Healthcare price transparency continues to be an ongoing struggle for payers and patients. While grocery stores service competitive prices for a box of cereal, the variability in prices for the same healthcare service sees a huge differential. A new report released by Castlight Health underscores this problem, with the pricing of mammograms in 30 largest cities in the United States as a case study.
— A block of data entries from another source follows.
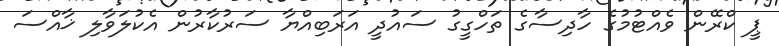
ޕީ ކްރޭން ވެއްޓުމުގެ ހާދިސާގެ ތަހްގީގު ސައުދީ އަރަބިއްޔާ ސަރުކާރުން އެކުލަވާލި ޚާއްސަ
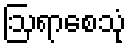
ဩရာစေသုံ
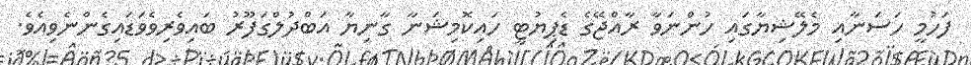
ފަހުމީ ހަސަނާއި މެލޭޝިޔާގައި ހުންނަވާ ރާއްޖޭގެ ޑެޕިޔުޓީ ހައިކޮމިޝަނާ ގާނިޔާ އަބްދުލްގަފޫރު ބައިވެރިވެވަޑައިގެންނެވިއެވެ.

For the study, Castlight Health examined the pricing of OB/GYN follow-up visits, preventative gynecological exams, mammograms, and HPV tests across states, using medical claims data. Additionally, provider information, provider rate sheets (payer-provider negotiated rates), and some publicly available information was included in the data set. Employee out-of-pocket cost added to the amount paid by the employer was defined as the price of a service.
The results were astounding—a 44x variation in the cost of a mammogram across the 30 cities, ranging from $43 (Sarasota-Bradenton, FL) to $1898 (NY, Northern NJ, Long Island). The analysis notes that women in the larger metropolitan areas are charged exorbitantly higher—with huge price variations—for an important preventive test. While some cities included in the study (including Holland, MI; Sharon, PA; Columbia, MO; Daytona Beach, FL) had no price variation, some saw a variation that ranged from 2-fold (including Pittsburgh, PA and New Orleans, LA) to nearly 21-fold (Dallas-Fort Worth, TX) in the same city.
According to Jonathan Rende, chief research and development officer at Castlight Health, these findings speak to our broken healthcare system. “We’ve seen over the years that women are bigger consumers of health care than men in general and we wanted to drill into some of the more common services and see how those varied,” Rende said when speaking about their study.